It was true. The grass had taken a deeper shade of green with the light falling aslant across it. The sun hung like a yellow ball in a sky of champagne, and the long shadows of our horses and wagon stretched down the slope of the little hill. But most impressive of all was the silence, a silence as of heaven and earth brooding, brooding, brooding over this scene as they had done from the dawn of time; aye, and before that, far into the vague aeons of eternity. . . . I wished that Jean might have been there.
We made our camp on the hill, if we can be said to have made camp at all. Jake found a little slough (pronounced slew) of snow water not far away, and he unharnessed his horses and hobbled them nearby. I was fussing with the tent when he returned.

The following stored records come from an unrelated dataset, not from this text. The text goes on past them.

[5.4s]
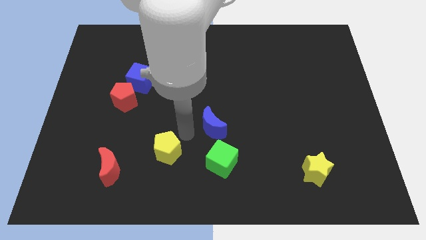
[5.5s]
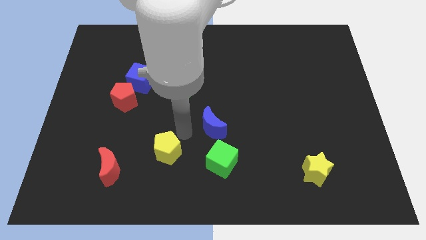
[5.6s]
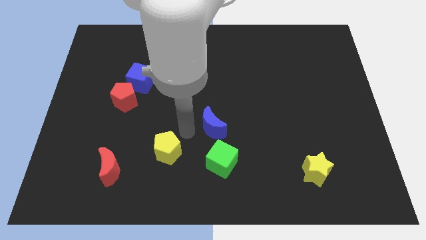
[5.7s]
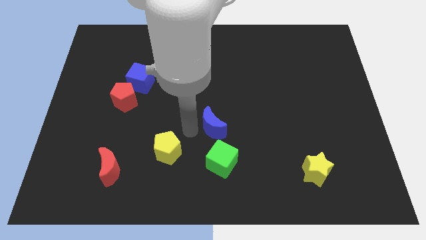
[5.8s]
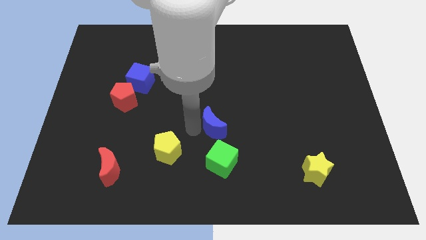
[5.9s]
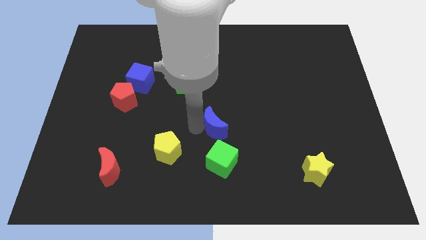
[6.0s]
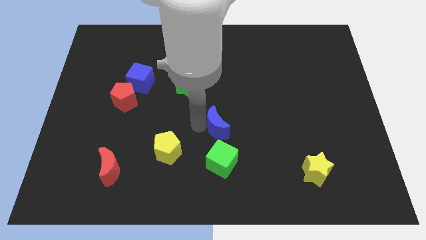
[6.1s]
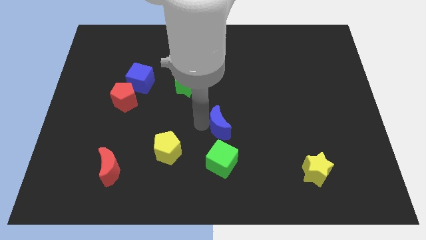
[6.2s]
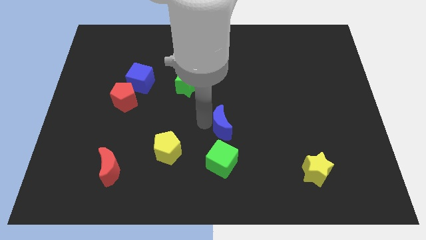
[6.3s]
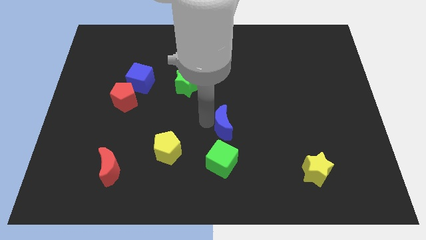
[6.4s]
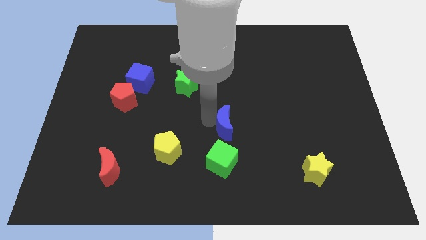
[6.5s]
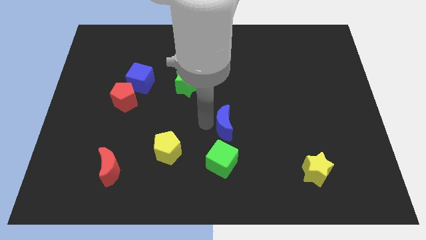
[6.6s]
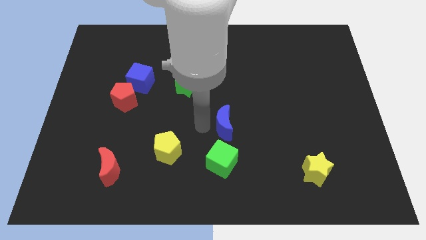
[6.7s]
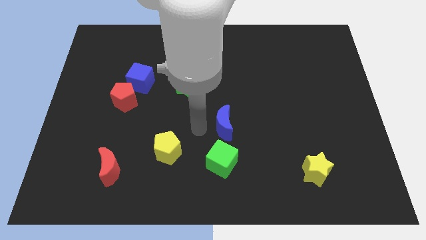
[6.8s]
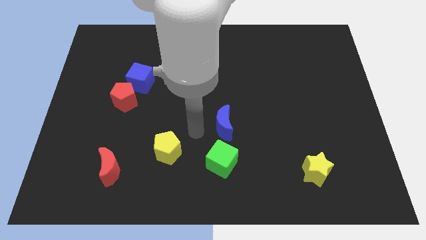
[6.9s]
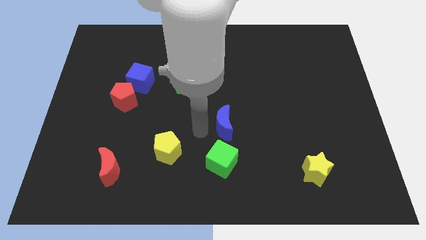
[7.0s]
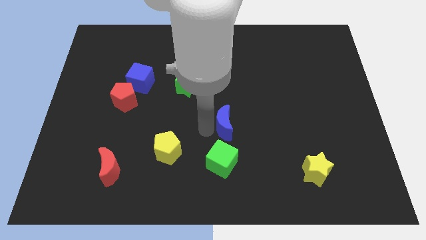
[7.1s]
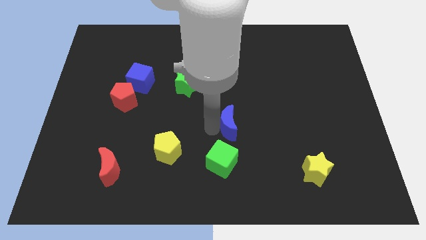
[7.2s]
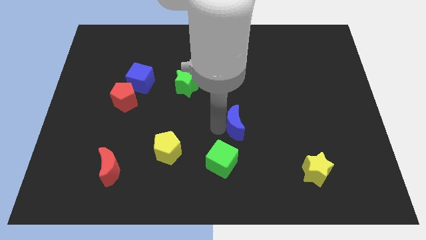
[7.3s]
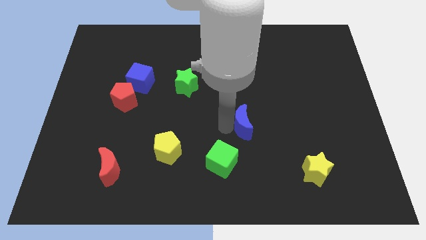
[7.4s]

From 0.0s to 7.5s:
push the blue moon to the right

"We won't need that, son," and I thought there was a note almost of affection in his voice that made me warm to the man. "It couldn't rain to-night on a bet. Clean out the wagon an' you two boys sleep on the floor of it. You get the benefit o' the springs that way, an' it's dryer'n the ground."
"But where will you sleep?"
"Oh, I'll roll up somewhere. I'm an old-timer."
Jake gathered some dry grass and buffalo chips and out of an astonishingly little fire he soon had the tea boiling. Then he fried bacon and laid the strips of hot bacon on slabs of bread. And we ate bacon and bread, and then jam and bread, and drank hot black tea, while the slow twilight settled down about us.
Once, only, Jake startled us by springing to his feet and running to the wagon. He slung his rifle over his arm as we heard a sort of rushing whistle in the darkness overhead.
"No use," he said, laying the weapon down reluctantly. "Wouldn't get one with a carload o' cartridges."
"What was it?" we asked. "We didn't see anything."
"Didn't you? You ain't got prairie eyes yet. Them was wild ducks, goin' north a-hootin'. Wouldn't hit one with a rifle in a million years."